Archive for September, 2009

A question by Furstenberg

September 25, 2009

Yesterday I was talking about some properties of different dimensions with Furstenburg. Somehow I mentioned Kekaya, and he told me about the following question he has been longing to solve (which is amazingly many similarities to Kekaya):

For set S \in \mathbb{R}^2, if \exists \delta>0 s.t. for all direction \theta, \exists line l with direction \theta s.t. \dim (l \cap S) > \delta . Does it follow that \dim(A) \geq 1 ?
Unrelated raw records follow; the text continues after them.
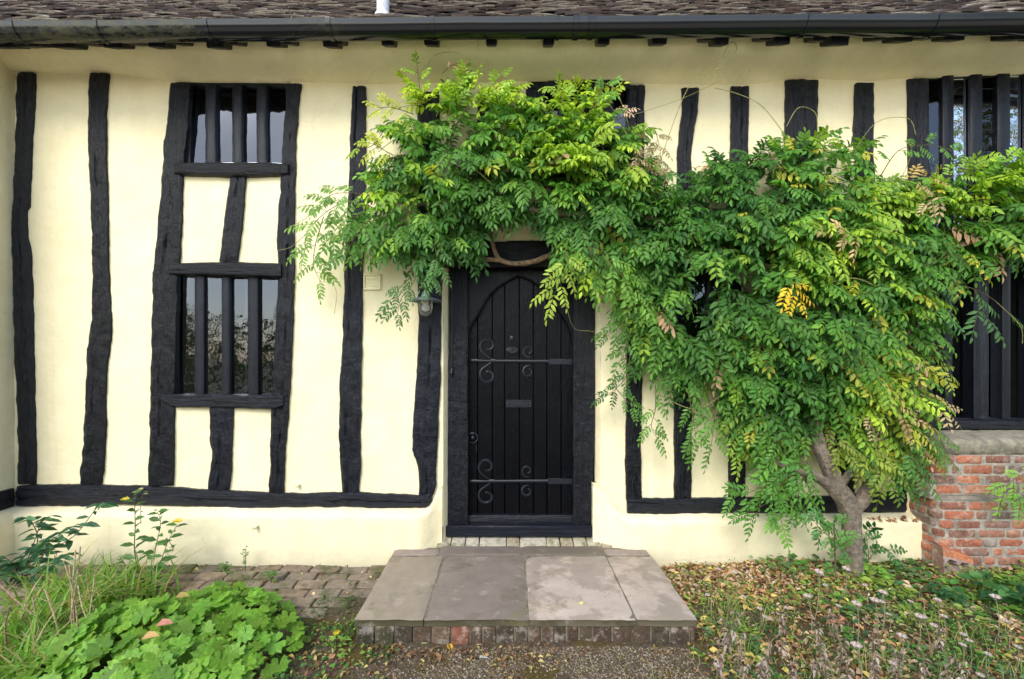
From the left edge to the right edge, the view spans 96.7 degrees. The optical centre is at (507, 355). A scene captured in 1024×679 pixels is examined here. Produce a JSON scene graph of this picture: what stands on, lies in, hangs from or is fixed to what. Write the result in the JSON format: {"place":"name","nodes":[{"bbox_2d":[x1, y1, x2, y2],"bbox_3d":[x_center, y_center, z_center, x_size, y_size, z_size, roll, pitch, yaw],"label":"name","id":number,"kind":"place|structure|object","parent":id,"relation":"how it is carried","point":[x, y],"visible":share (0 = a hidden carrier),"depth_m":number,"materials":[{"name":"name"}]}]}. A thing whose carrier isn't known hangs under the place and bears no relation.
{"place":"outdoors","nodes":[
{"label":"outdoors","id":0,"kind":"place"},
{"bbox_2d":[0,564,385,640],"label":"path","id":1,"kind":"structure","parent":0,"point":[210,574],"depth_m":3.23,"materials":[{"name":"brick"}]},
{"bbox_2d":[217,562,232,574],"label":"weed","id":2,"kind":"object","parent":1,"relation":"on","point":[226,570],"visible":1,"depth_m":3.31,"materials":[{"name":"green plant"}]},
{"bbox_2d":[240,546,249,570],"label":"weed","id":3,"kind":"object","parent":1,"relation":"on","point":[245,555],"visible":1,"depth_m":3.36,"materials":[{"name":"green plant"}]},
{"bbox_2d":[264,569,277,582],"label":"weed","id":4,"kind":"object","parent":1,"relation":"on","point":[272,574],"visible":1,"depth_m":3.19,"materials":[{"name":"green plant"}]},
{"bbox_2d":[0,537,1023,678],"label":"ground","id":5,"kind":"structure","parent":0,"point":[524,673],"depth_m":2.50,"materials":[{"name":"soil"}]},
{"bbox_2d":[0,502,118,586],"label":"dark leaved shrub","id":6,"kind":"object","parent":5,"relation":"on","point":[23,566],"visible":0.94,"depth_m":3.06,"materials":[{"name":"green plant"}]},
{"bbox_2d":[0,544,210,678],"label":"grass clump","id":7,"kind":"object","parent":5,"relation":"on","point":[35,627],"visible":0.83,"depth_m":2.67,"materials":[{"name":"green plant"}]},
{"bbox_2d":[115,488,187,589],"bbox_3d":[-2.467,1.271,3.128,0.436,0.707,0.246,0,0,17],"label":"yellow flowered weed","id":8,"kind":"object","parent":5,"relation":"on","point":[164,542],"visible":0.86,"depth_m":3.13,"materials":[{"name":"green plant"}]},
{"bbox_2d":[4,580,311,678],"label":"leafy plant","id":9,"kind":"object","parent":5,"relation":"on","point":[165,653],"visible":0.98,"depth_m":2.31,"materials":[{"name":"green plant"}]},
{"bbox_2d":[142,631,158,638],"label":"fallen leaf","id":10,"kind":"object","parent":9,"relation":"on","point":[149,634],"visible":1,"depth_m":2.25,"materials":[{"name":"plant"}]},
{"bbox_2d":[156,619,172,625],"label":"fallen leaf","id":11,"kind":"object","parent":9,"relation":"on","point":[164,622],"visible":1,"depth_m":2.37,"materials":[{"name":"pink plant"}]},
{"bbox_2d":[175,592,189,597],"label":"fallen leaf","id":12,"kind":"object","parent":9,"relation":"on","point":[182,594],"visible":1,"depth_m":2.68,"materials":[{"name":"yellow plant"}]},
{"bbox_2d":[0,0,1023,569],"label":"timber framed house","id":13,"kind":"structure","parent":5,"relation":"on","point":[176,342],"depth_m":3.56,"materials":[{"name":"beige paint"}]},
{"bbox_2d":[161,262,283,409],"bbox_3d":[-2.208,-0.156,3.571,0.941,1.142,0.148,0,0,0],"label":"window","id":14,"kind":"structure","parent":13,"relation":"in","point":[229,272],"depth_m":3.56,"materials":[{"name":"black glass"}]},
{"bbox_2d":[173,83,288,177],"bbox_3d":[-2.140,-1.772,3.568,0.880,0.764,0.137,0,0,0],"label":"window","id":15,"kind":"structure","parent":13,"relation":"in","point":[262,168],"depth_m":3.55,"materials":[{"name":"black wood"}]},
{"bbox_2d":[363,273,380,289],"bbox_3d":[-1.059,-0.578,3.554,0.137,0.128,0.024,0,0,0],"label":"vent plate","id":16,"kind":"object","parent":13,"relation":"attached to","point":[371,281],"visible":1,"depth_m":3.55,"materials":[{"name":"beige plastic"}]},
{"bbox_2d":[411,284,441,316],"bbox_3d":[-0.621,-0.442,3.430,0.248,0.291,0.248,0,0,0],"label":"wall lamp","id":17,"kind":"object","parent":13,"relation":"attached to","point":[425,308],"visible":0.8,"depth_m":3.39,"materials":[{"name":"grey glass"}]},
{"bbox_2d":[468,277,572,521],"bbox_3d":[0.097,0.340,3.709,0.912,2.038,0.082,0,0,0],"label":"door","id":18,"kind":"structure","parent":13,"relation":"in","point":[520,378],"depth_m":3.70,"materials":[{"name":"black wood"}]},
{"bbox_2d":[529,79,629,188],"bbox_3d":[0.567,-1.726,3.575,0.803,0.842,0.122,0,0,0],"label":"window","id":19,"kind":"structure","parent":13,"relation":"in","point":[550,83],"depth_m":3.55,"materials":[{"name":"black wood"}]},
{"bbox_2d":[625,264,740,356],"bbox_3d":[1.377,-0.365,3.566,0.914,0.759,0.140,0,0,0],"label":"window","id":20,"kind":"structure","parent":13,"relation":"in","point":[709,283],"depth_m":3.57,"materials":[{"name":"black wood"}]},
{"bbox_2d":[915,262,1023,429],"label":"window","id":21,"kind":"structure","parent":13,"relation":"in","point":[976,355],"depth_m":3.58,"materials":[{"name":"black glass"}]},
{"bbox_2d":[927,73,1023,233],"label":"window","id":22,"kind":"structure","parent":13,"relation":"in","point":[1009,89],"depth_m":3.56,"materials":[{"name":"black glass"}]},
{"bbox_2d":[6,552,1023,678],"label":"ground cover","id":23,"kind":"object","parent":5,"relation":"on","point":[884,580],"visible":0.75,"depth_m":2.73,"materials":[{"name":"green plant"}]},
{"bbox_2d":[355,537,696,644],"bbox_3d":[0.101,1.551,3.089,1.921,0.233,1.106,0,0,0],"label":"door step","id":24,"kind":"object","parent":5,"relation":"on","point":[467,590],"depth_m":2.78,"materials":[{"name":"stone"}]},
{"bbox_2d":[40,515,1023,678],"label":"leaf litter","id":25,"kind":"object","parent":5,"relation":"on","point":[709,577],"visible":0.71,"depth_m":2.73,"materials":[{"name":"brown plant"}]},
{"bbox_2d":[281,41,1023,580],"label":"wisteria","id":26,"kind":"object","parent":5,"relation":"on","point":[763,343],"visible":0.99,"depth_m":3.21,"materials":[{"name":"green plant"}]},
{"bbox_2d":[705,593,711,620],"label":"seed head","id":27,"kind":"object","parent":5,"relation":"on","point":[707,594],"visible":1,"depth_m":2.77},
{"bbox_2d":[713,636,724,678],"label":"withered stalk","id":28,"kind":"object","parent":5,"relation":"on","point":[721,658],"visible":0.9,"depth_m":2.23,"materials":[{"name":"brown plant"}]},
{"bbox_2d":[718,618,730,651],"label":"withered stalk","id":29,"kind":"object","parent":5,"relation":"on","point":[722,626],"visible":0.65,"depth_m":2.43,"materials":[{"name":"beige plant"}]},
{"bbox_2d":[722,610,740,656],"bbox_3d":[1.153,1.473,2.378,0.065,0.302,0.067,11,6,-8],"label":"withered stalk","id":30,"kind":"object","parent":5,"relation":"on","point":[732,635],"visible":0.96,"depth_m":2.37,"materials":[{"name":"beige plant"}]},
{"bbox_2d":[731,570,737,594],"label":"seed head","id":31,"kind":"object","parent":5,"relation":"on","point":[735,572],"visible":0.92,"depth_m":2.97},
{"bbox_2d":[733,631,745,677],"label":"withered stalk","id":32,"kind":"object","parent":5,"relation":"on","point":[741,653],"visible":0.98,"depth_m":2.25,"materials":[{"name":"beige plant"}]},
{"bbox_2d":[738,657,752,678],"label":"withered stalk","id":33,"kind":"object","parent":5,"relation":"on","point":[743,674],"visible":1,"depth_m":2.10,"materials":[{"name":"beige plant"}]},
{"bbox_2d":[755,662,764,678],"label":"withered stalk","id":34,"kind":"object","parent":5,"relation":"on","point":[758,664],"visible":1,"depth_m":2.13,"materials":[{"name":"beige plant"}]},
{"bbox_2d":[760,640,773,678],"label":"withered stalk","id":35,"kind":"object","parent":5,"relation":"on","point":[768,653],"visible":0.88,"depth_m":2.18,"materials":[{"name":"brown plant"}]},
{"bbox_2d":[776,610,786,633],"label":"withered stalk","id":36,"kind":"object","parent":5,"relation":"on","point":[781,618],"visible":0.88,"depth_m":2.59,"materials":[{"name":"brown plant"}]},
{"bbox_2d":[776,627,787,667],"bbox_3d":[1.419,1.514,2.357,0.054,0.213,0.052,-4,5,-17],"label":"withered stalk","id":37,"kind":"object","parent":5,"relation":"on","point":[783,645],"visible":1,"depth_m":2.36,"materials":[{"name":"beige plant"}]},
{"bbox_2d":[786,660,797,678],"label":"withered stalk","id":38,"kind":"object","parent":5,"relation":"on","point":[792,670],"visible":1,"depth_m":2.13,"materials":[{"name":"beige plant"}]},
{"bbox_2d":[803,593,811,633],"bbox_3d":[1.738,1.496,2.624,0.045,0.240,0.042,-2,-5,-9],"label":"seed head","id":39,"kind":"object","parent":5,"relation":"on","point":[807,596],"visible":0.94,"depth_m":2.62},
{"bbox_2d":[811,641,825,678],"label":"withered stalk","id":40,"kind":"object","parent":5,"relation":"on","point":[813,666],"visible":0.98,"depth_m":2.22,"materials":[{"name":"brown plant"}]},
{"bbox_2d":[811,622,826,660],"bbox_3d":[1.616,1.502,2.353,0.051,0.239,0.064,-8,-4,14],"label":"withered stalk","id":41,"kind":"object","parent":5,"relation":"on","point":[818,631],"visible":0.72,"depth_m":2.36,"materials":[{"name":"beige plant"}]},
{"bbox_2d":[814,568,823,618],"bbox_3d":[1.860,1.448,2.742,0.050,0.336,0.047,3,3,-5],"label":"seed head","id":42,"kind":"object","parent":5,"relation":"on","point":[818,571],"visible":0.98,"depth_m":2.73},
{"bbox_2d":[819,651,830,678],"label":"withered stalk","id":43,"kind":"object","parent":5,"relation":"on","point":[825,666],"visible":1,"depth_m":2.20,"materials":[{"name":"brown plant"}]},
{"bbox_2d":[800,507,861,585],"bbox_3d":[2.168,1.351,3.070,0.417,0.636,0.128,0,0,0],"label":"wisteria sucker","id":44,"kind":"object","parent":5,"relation":"on","point":[839,517],"visible":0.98,"depth_m":3.09,"materials":[{"name":"green plant"}]},
{"bbox_2d":[826,608,838,647],"bbox_3d":[1.796,1.509,2.510,0.049,0.224,0.055,-5,-10,20],"label":"withered stalk","id":45,"kind":"object","parent":5,"relation":"on","point":[835,625],"visible":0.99,"depth_m":2.51,"materials":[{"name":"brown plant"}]},
{"bbox_2d":[835,604,841,626],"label":"seed head","id":46,"kind":"object","parent":5,"relation":"on","point":[838,605],"visible":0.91,"depth_m":2.66},
{"bbox_2d":[836,638,849,677],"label":"withered stalk","id":47,"kind":"object","parent":5,"relation":"on","point":[838,658],"visible":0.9,"depth_m":2.27,"materials":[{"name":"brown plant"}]},
{"bbox_2d":[842,566,850,598],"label":"seed head","id":48,"kind":"object","parent":5,"relation":"on","point":[846,568],"visible":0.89,"depth_m":2.91},
{"bbox_2d":[841,655,854,678],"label":"withered stalk","id":49,"kind":"object","parent":5,"relation":"on","point":[852,673],"visible":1,"depth_m":2.16,"materials":[{"name":"beige plant"}]},
{"bbox_2d":[850,641,862,678],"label":"seed head","id":50,"kind":"object","parent":5,"relation":"on","point":[856,645],"visible":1,"depth_m":2.16},
{"bbox_2d":[851,600,862,641],"bbox_3d":[1.911,1.479,2.495,0.050,0.272,0.047,0,1,-3],"label":"seed head","id":51,"kind":"object","parent":5,"relation":"on","point":[856,603],"visible":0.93,"depth_m":2.49},
{"bbox_2d":[867,631,881,676],"bbox_3d":[1.825,1.499,2.262,0.050,0.243,0.056,5,-8,-37],"label":"withered stalk","id":52,"kind":"object","parent":5,"relation":"on","point":[875,654],"visible":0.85,"depth_m":2.26,"materials":[{"name":"beige plant"}]},
{"bbox_2d":[868,657,880,678],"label":"withered stalk","id":53,"kind":"object","parent":5,"relation":"on","point":[871,672],"visible":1,"depth_m":2.15,"materials":[{"name":"beige plant"}]},
{"bbox_2d":[869,597,880,638],"bbox_3d":[2.069,1.488,2.561,0.048,0.255,0.045,-1,0,3],"label":"seed head","id":54,"kind":"object","parent":5,"relation":"on","point":[875,600],"visible":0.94,"depth_m":2.56},
{"bbox_2d":[880,599,885,632],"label":"seed head","id":55,"kind":"object","parent":5,"relation":"on","point":[882,602],"visible":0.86,"depth_m":2.63},
{"bbox_2d":[878,589,888,633],"bbox_3d":[2.161,1.485,2.629,0.049,0.262,0.046,6,-3,7],"label":"seed head","id":56,"kind":"object","parent":5,"relation":"on","point":[882,592],"visible":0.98,"depth_m":2.63},
{"bbox_2d":[862,521,907,570],"bbox_3d":[2.720,1.427,3.332,0.480,0.465,0.156,0,0,0],"label":"wisteria sucker","id":57,"kind":"object","parent":5,"relation":"on","point":[876,547],"visible":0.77,"depth_m":3.36,"materials":[{"name":"green plant"}]},
{"bbox_2d":[888,660,897,678],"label":"seed head","id":58,"kind":"object","parent":5,"relation":"on","point":[891,662],"visible":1,"depth_m":2.17},
{"bbox_2d":[890,644,904,678],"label":"withered stalk","id":59,"kind":"object","parent":5,"relation":"on","point":[896,660],"visible":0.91,"depth_m":2.20,"materials":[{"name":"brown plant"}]},
{"bbox_2d":[896,632,907,678],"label":"seed head","id":60,"kind":"object","parent":5,"relation":"on","point":[902,635],"visible":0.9,"depth_m":2.26},
{"bbox_2d":[914,613,924,650],"bbox_3d":[2.202,1.498,2.446,0.044,0.235,0.042,1,5,10],"label":"seed head","id":61,"kind":"object","parent":5,"relation":"on","point":[919,616],"visible":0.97,"depth_m":2.44},
{"bbox_2d":[918,657,933,678],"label":"withered stalk","id":62,"kind":"object","parent":5,"relation":"on","point":[924,671],"visible":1,"depth_m":2.15,"materials":[{"name":"beige plant"}]},
{"bbox_2d":[922,614,930,658],"bbox_3d":[2.243,1.504,2.440,0.042,0.225,0.040,-6,-5,9],"label":"seed head","id":63,"kind":"object","parent":5,"relation":"on","point":[925,617],"visible":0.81,"depth_m":2.44},
{"bbox_2d":[929,622,937,658],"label":"seed head","id":64,"kind":"object","parent":5,"relation":"on","point":[932,624],"visible":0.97,"depth_m":2.42},
{"bbox_2d":[933,597,941,629],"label":"seed head","id":65,"kind":"object","parent":5,"relation":"on","point":[938,600],"visible":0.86,"depth_m":2.63},
{"bbox_2d":[934,621,946,658],"bbox_3d":[2.313,1.524,2.435,0.049,0.193,0.055,3,-3,-29],"label":"withered stalk","id":66,"kind":"object","parent":5,"relation":"on","point":[941,645],"visible":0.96,"depth_m":2.43,"materials":[{"name":"beige plant"}]},
{"bbox_2d":[939,614,948,649],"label":"seed head","id":67,"kind":"object","parent":5,"relation":"on","point":[944,616],"visible":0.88,"depth_m":2.49},
{"bbox_2d":[923,580,968,604],"bbox_3d":[2.820,1.545,2.949,0.218,0.123,0.218,0,0,27],"label":"broad leaved weed","id":68,"kind":"object","parent":5,"relation":"on","point":[958,597],"visible":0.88,"depth_m":2.92,"materials":[{"name":"green plant"}]},
{"bbox_2d":[938,655,957,678],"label":"withered stalk","id":69,"kind":"object","parent":5,"relation":"on","point":[945,673],"visible":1,"depth_m":2.12,"materials":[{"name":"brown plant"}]},
{"bbox_2d":[931,540,973,575],"bbox_3d":[3.228,1.470,3.304,0.245,0.213,0.135,0,0,0],"label":"clay block","id":70,"kind":"object","parent":5,"relation":"on","point":[942,556],"depth_m":3.27,"materials":[{"name":"brick"}]},
{"bbox_2d":[953,655,969,678],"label":"withered stalk","id":71,"kind":"object","parent":5,"relation":"on","point":[959,665],"visible":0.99,"depth_m":2.14,"materials":[{"name":"beige plant"}]},
{"bbox_2d":[958,642,966,674],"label":"seed head","id":72,"kind":"object","parent":5,"relation":"on","point":[963,645],"visible":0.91,"depth_m":2.29},
{"bbox_2d":[959,632,967,657],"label":"seed head","id":73,"kind":"object","parent":5,"relation":"on","point":[963,634],"visible":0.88,"depth_m":2.37},
{"bbox_2d":[908,430,1023,569],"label":"brick wall","id":74,"kind":"structure","parent":5,"relation":"on","point":[960,518],"depth_m":3.35,"materials":[{"name":"brick"}]},
{"bbox_2d":[964,638,973,671],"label":"seed head","id":75,"kind":"object","parent":5,"relation":"on","point":[969,640],"visible":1,"depth_m":2.33},
{"bbox_2d":[975,672,984,678],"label":"seed head","id":76,"kind":"object","parent":5,"relation":"on","point":[980,674],"visible":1,"depth_m":2.12},
{"bbox_2d":[983,651,992,677],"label":"seed head","id":77,"kind":"object","parent":5,"relation":"on","point":[988,654],"visible":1,"depth_m":2.24},
{"bbox_2d":[957,569,1023,605],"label":"broad leaved weed","id":78,"kind":"object","parent":5,"relation":"on","point":[1005,593],"visible":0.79,"depth_m":2.90,"materials":[{"name":"green plant"}]},
{"bbox_2d":[989,593,1001,640],"bbox_3d":[2.764,1.483,2.574,0.050,0.265,0.047,-1,-2,0],"label":"seed head","id":79,"kind":"object","parent":5,"relation":"on","point":[994,596],"visible":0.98,"depth_m":2.57},
{"bbox_2d":[1001,619,1009,653],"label":"seed head","id":80,"kind":"object","parent":5,"relation":"on","point":[1006,621],"visible":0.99,"depth_m":2.47},
{"bbox_2d":[1013,644,1022,675],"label":"seed head","id":81,"kind":"object","parent":5,"relation":"on","point":[1018,647],"visible":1,"depth_m":2.28},
{"bbox_2d":[259,576,1016,678],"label":"gravel","id":82,"kind":"structure","parent":0,"point":[581,666],"depth_m":2.38,"materials":[{"name":"gravel"}]}
]}

Note that a stronger conjecture would be \dim(A) is at least 1+\delta which when taking \delta = 1 would give a generalization of the 2-dimensional Kekaya. (i.e. instead of having to have a line segment, we only require a 1-dimension set in each direction)

Reviewing the proofs of the 2-dimsional Kekaya, I found they all rely on the fact that the line segment is connected…Hence it might be interesting to even find an answer to the following question:

If A \subseteq \mathbb{R}^2 contains a measure 1 set in every direction, does it follow that \dim(A)=2?


September 24, 2009

Amie Wilkinson asked me the following question some time ago:

Given a smooth convex Jordan curve J \subseteq \mathbb{R}^2, consider the billiard map \varphi: J \times (0, \pi) \rightarrow J \times (0, \pi), let \pi_\theta: J \times (0, \pi) \rightarrow (0, \pi) be the projection.

a) If \forall (p, \theta) \in J \times (0, \pi), \pi_\theta \circ \varphi (p, \theta) = \theta, does this imply J is a circle?

(Yes, in fact we only need \varphi to fix the second component of points in \{p, q \} \times (0, \pi) for a chosen pair of points p, q. Classical geometry)

b) If \forall p \in J, \pi_\theta \circ \varphi (p, \pi/2) = \pi/2, does this imply J is a circle?

(No, my example was a cute construction that attaches six circular arcs together)

c) What’s the smallest set S \subseteq (0, \pi) s.t. if \varphi fixes the second component on J \times S then J has to be a circle?

I am still thinking about c)…My guess is that any sub interval would work, and of course any dense subset inside a given set works equally well as the whole set…

But is it possible to have only finitely many angles? Maybe even two angles?